Driver Version: 430.26
CUDA Version: 10.2
Docker version: 19.03.2

Steps

Install

$ git clone [email protected]:ryuji0123/cv_dnn.git
$ cd cv_dnn
$ ./build_docker_image.sh

Environment Setup

$ ./build_docker_image.sh
$ ./run_docker_container.sh
$ ./exec_docker_container.sh

Run Training Steps

$ ./nohup_train.sh

If you want to stop seeing stdout without breaking train steps, you can just press ctrl+c. The above shell uses nohup and run python script in background, you don't pay attention to how to avoid intrupting train steps. See Logger / Trainer module in detail.

See Results

$ ./app_ml.sh

If you want to see train steps and its status with both stdout and mlflow, you can use tmux. We install it in docker image.

Components

Models

Define your own models and add keys. Also, if you want to pass model-dependent hyper parameters, you can add another if-else statement for each model.

model/get_model.py

# add models
from model.simple_cnn_model import SimpleCNNModel 


def getModel(args, device):
    # add keys
    model_set = set([
        'simple_cnn'
        ])

    model_type = args.TRAIN.MODEL_TYPE.lower()
    if model_type not in model_set:
        raise NotImplementedError()
    
    # add initializations
    if model_type == 'simple_cnn':
        model = SimpleCNNModel(
                args=args,
                device=device,
                in_channel=args.DATA.INPUT_DIM,
                out_channel=len(args.DATA.CLASSES),
                )

    return model

Since we use Pytorch Lightning, models should inherit "LightningModule".

model/simple_cnn_model.py

import torch.nn as nn
import torch.nn.functional as F

from collections import OrderedDict

from pytorch_lightning import LightningModule

from optim import getOptimizer, getScheduler


class SimpleCNNModel(LightningModule):
    def __init__(self, args, device, in_channel, out_channel):
        super(SimpleCNNModel, self).__init__()
        self.args = args
        self._device = device
        self.cross_entropy_loss = nn.CrossEntropyLoss()
        
        # forward
        self.conv1 = nn.Conv2d(in_channel, 6, 5)
        self.pool = nn.MaxPool2d(2, 2)
        self.conv2 = nn.Conv2d(6, 16, 5)
        self.fc1 = nn.Linear(16 * 5 * 5, 120)
        self.fc2 = nn.Linear(120, 84)
        self.fc3 = nn.Linear(84, out_channel)

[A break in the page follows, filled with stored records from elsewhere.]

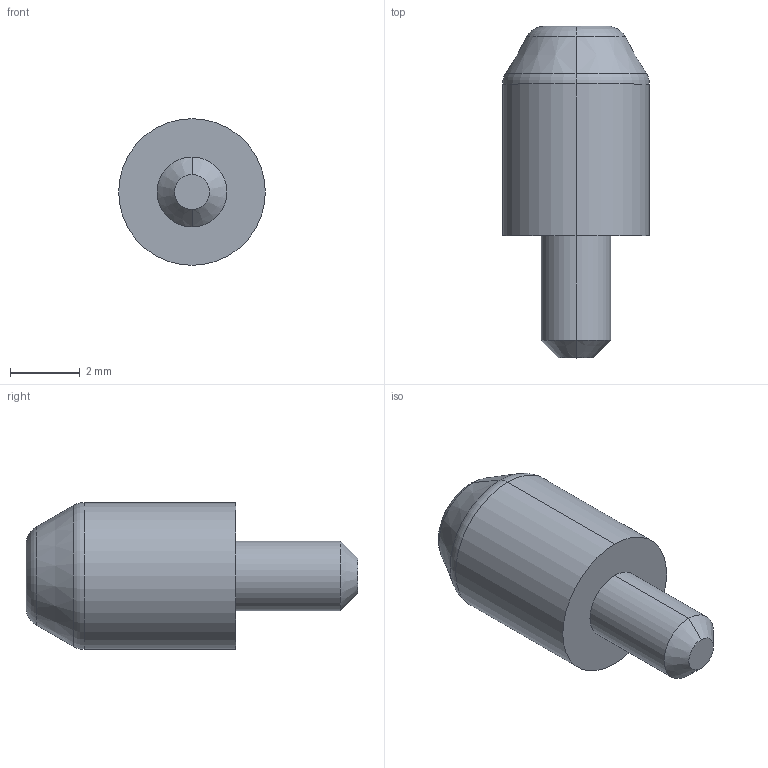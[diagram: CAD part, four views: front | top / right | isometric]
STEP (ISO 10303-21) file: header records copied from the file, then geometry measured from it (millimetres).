
FILE_DESCRIPTION (( 'STEP AP214' ), '1' );
FILE_NAME ('53331~3.STEP', '2019-04-03T11:26:08', ( '' ), ( '' ), 'SwSTEP 2.0', 'SolidWorks 2018', '' );
FILE_SCHEMA (( 'AUTOMOTIVE_DESIGN' ));
Length unit declared in the file: millimetre
Products named in the file (1): 53331~3
Bounding box: 4.2 x 9.5 x 4.2 mm (x, y, z)
Volume: 86 mm3; surface area: 116.4 mm2
Topology: 2 solids, 2 shells, 20 faces, 37 edges, 22 vertices
Faces by surface type: cylinder 6, plane 6, torus 4, cone 4
Entity records: 599 total; most frequent: DIRECTION 103, CARTESIAN_POINT 80, ORIENTED_EDGE 74, AXIS2_PLACEMENT_3D 45, EDGE_CURVE 37, CIRCLE 24, VERTEX_POINT 22, EDGE_LOOP 21
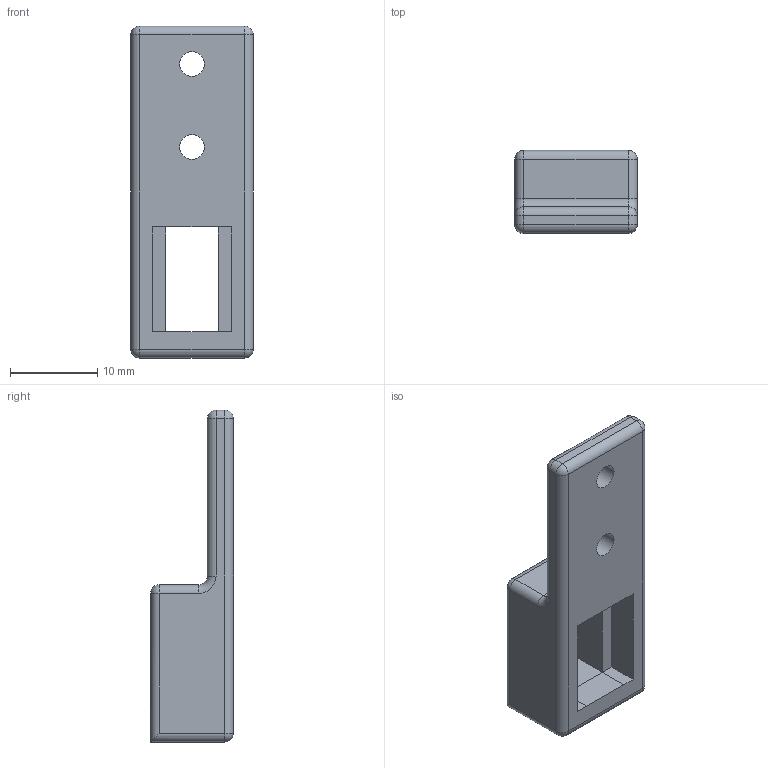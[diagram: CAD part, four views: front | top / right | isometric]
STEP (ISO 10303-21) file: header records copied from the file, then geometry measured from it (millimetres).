
FILE_DESCRIPTION(('FreeCAD Model'),'2;1');
FILE_NAME('Soporte_endstop.step' ,'2018-10-03T01:36:41',('Author'),(''), 'Open CASCADE STEP processor 6.8','FreeCAD','Unknown');
FILE_SCHEMA(('AUTOMOTIVE_DESIGN_CC2 { 1 2 10303 214 -1 1 5 4 }'));
Length unit declared in the file: millimetre
Products named in the file (1): Fillet001
Bounding box: 14 x 9.5 x 38 mm (x, y, z)
Volume: 2338.8 mm3; surface area: 1927.2 mm2
Topology: 1 solids, 1 shells, 51 faces, 117 edges, 60 vertices
Faces by surface type: plane 22, cylinder 19, sphere 8, torus 2
Full cylindrical faces by diameter (mm): 2.8 x2
Entity records: 3092 total; most frequent: CARTESIAN_POINT 539, DIRECTION 397, ORIENTED_EDGE 218, PCURVE 218, DEFINITIONAL_REPRESENTATION 218, LINE 211, VECTOR 211, EDGE_CURVE 109
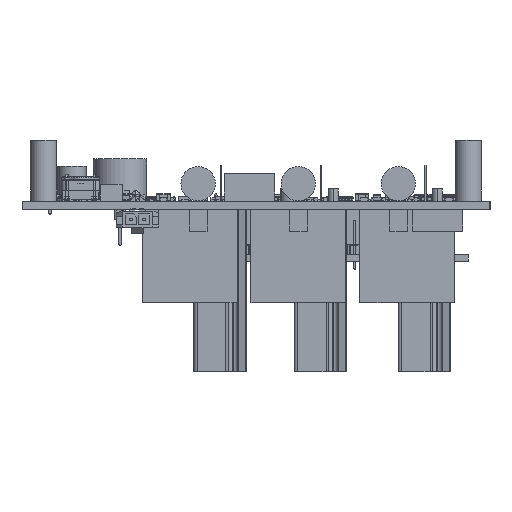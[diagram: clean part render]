
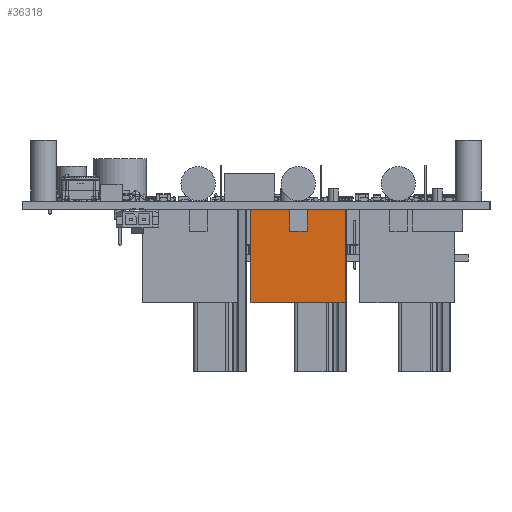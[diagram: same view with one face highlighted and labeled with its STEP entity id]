
A CAD part, left-side view. The second image highlights one B-rep face of the part: STEP entity #36318.
In plain terms, the highlighted planar face has unit normal (-1, 0, 0).
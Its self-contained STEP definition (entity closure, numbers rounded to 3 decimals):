
#36220 = EDGE_CURVE('',#36221,#36223,#36225,.T.);
#36221 = VERTEX_POINT('',#36222);
#36222 = CARTESIAN_POINT('',(-10.9,-10.9,0.));
#36223 = VERTEX_POINT('',#36224);
#36224 = CARTESIAN_POINT('',(-10.9,-10.9,21.6));
#36225 = LINE('',#36226,#36227);
#36226 = CARTESIAN_POINT('',(-10.9,-10.9,0.));
#36227 = VECTOR('',#36228,1.);
#36228 = DIRECTION('',(0.,0.,1.));
#36293 = VERTEX_POINT('',#36294);
#36294 = CARTESIAN_POINT('',(-10.9,10.9,21.6));
#36300 = EDGE_CURVE('',#36301,#36293,#36303,.T.);
#36301 = VERTEX_POINT('',#36302);
#36302 = CARTESIAN_POINT('',(-10.9,10.9,0.));
#36303 = LINE('',#36304,#36305);
#36304 = CARTESIAN_POINT('',(-10.9,10.9,0.));
#36305 = VECTOR('',#36306,1.);
#36306 = DIRECTION('',(0.,0.,1.));
#36318 = ADVANCED_FACE('',(#36319),#36335,.F.);
#36319 = FACE_BOUND('',#36320,.F.);
#36320 = EDGE_LOOP('',(#36321,#36322,#36328,#36329));
#36321 = ORIENTED_EDGE('',*,*,#36300,.T.);
#36322 = ORIENTED_EDGE('',*,*,#36323,.T.);
#36323 = EDGE_CURVE('',#36293,#36223,#36324,.T.);
#36324 = LINE('',#36325,#36326);
#36325 = CARTESIAN_POINT('',(-10.9,10.9,21.6));
#36326 = VECTOR('',#36327,1.);
#36327 = DIRECTION('',(0.,-1.,0.));
#36328 = ORIENTED_EDGE('',*,*,#36220,.F.);
#36329 = ORIENTED_EDGE('',*,*,#36330,.F.);
#36330 = EDGE_CURVE('',#36301,#36221,#36331,.T.);
#36331 = LINE('',#36332,#36333);
#36332 = CARTESIAN_POINT('',(-10.9,10.9,0.));
#36333 = VECTOR('',#36334,1.);
#36334 = DIRECTION('',(0.,-1.,0.));
#36335 = PLANE('',#36336);
#36336 = AXIS2_PLACEMENT_3D('',#36337,#36338,#36339);
#36337 = CARTESIAN_POINT('',(-10.9,10.9,0.));
#36338 = DIRECTION('',(1.,0.,0.));
#36339 = DIRECTION('',(0.,-1.,0.));
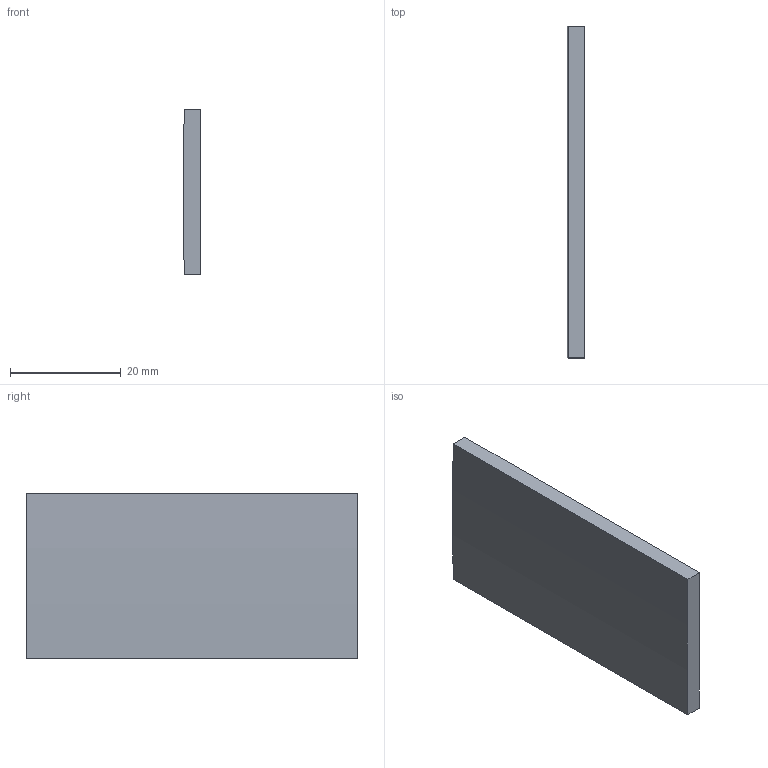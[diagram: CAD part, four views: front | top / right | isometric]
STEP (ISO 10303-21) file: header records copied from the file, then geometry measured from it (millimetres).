
FILE_DESCRIPTION (( 'STEP AP214' ), '1' );
FILE_NAME ('155065.STEP', '2019-06-18T08:37:45', ( 'user' ), ( '微软中国' ), 'SwSTEP 2.0', 'SolidWorks 2016', '' );
FILE_SCHEMA (( 'AUTOMOTIVE_DESIGN' ));
Length unit declared in the file: millimetre
Products named in the file (1): 155065
Bounding box: 3.18 x 60 x 30 mm (x, y, z)
Volume: 5629.4 mm3; surface area: 4145.8 mm2
Topology: 1 solids, 1 shells, 6 faces, 12 edges, 8 vertices
Faces by surface type: plane 5, cylinder 1
Entity records: 192 total; most frequent: DIRECTION 28, CARTESIAN_POINT 27, ORIENTED_EDGE 24, EDGE_CURVE 12, VECTOR 10, LINE 10, AXIS2_PLACEMENT_3D 9, VERTEX_POINT 8

    def configure_optimizers(self):
        optimizer = getOptimizer(self.args, self)
        scheduler = getScheduler(self.args, optimizer)

        return [optimizer], [scheduler]

    def forward(self, x):
        x = self.pool(F.relu(self.conv1(x)))
        x = self.pool(F.relu(self.conv2(x)))
        x = x.view(-1, 16 * 5 * 5)
        x = F.relu(self.fc1(x))
        x = F.relu(self.fc2(x))
        x = self.fc3(x)

        return x

    def training_step(self, batch, batch_idx):
        inputs, labels = batch
        
        outputs = self(inputs)

        loss = self.cross_entropy_loss(outputs, labels)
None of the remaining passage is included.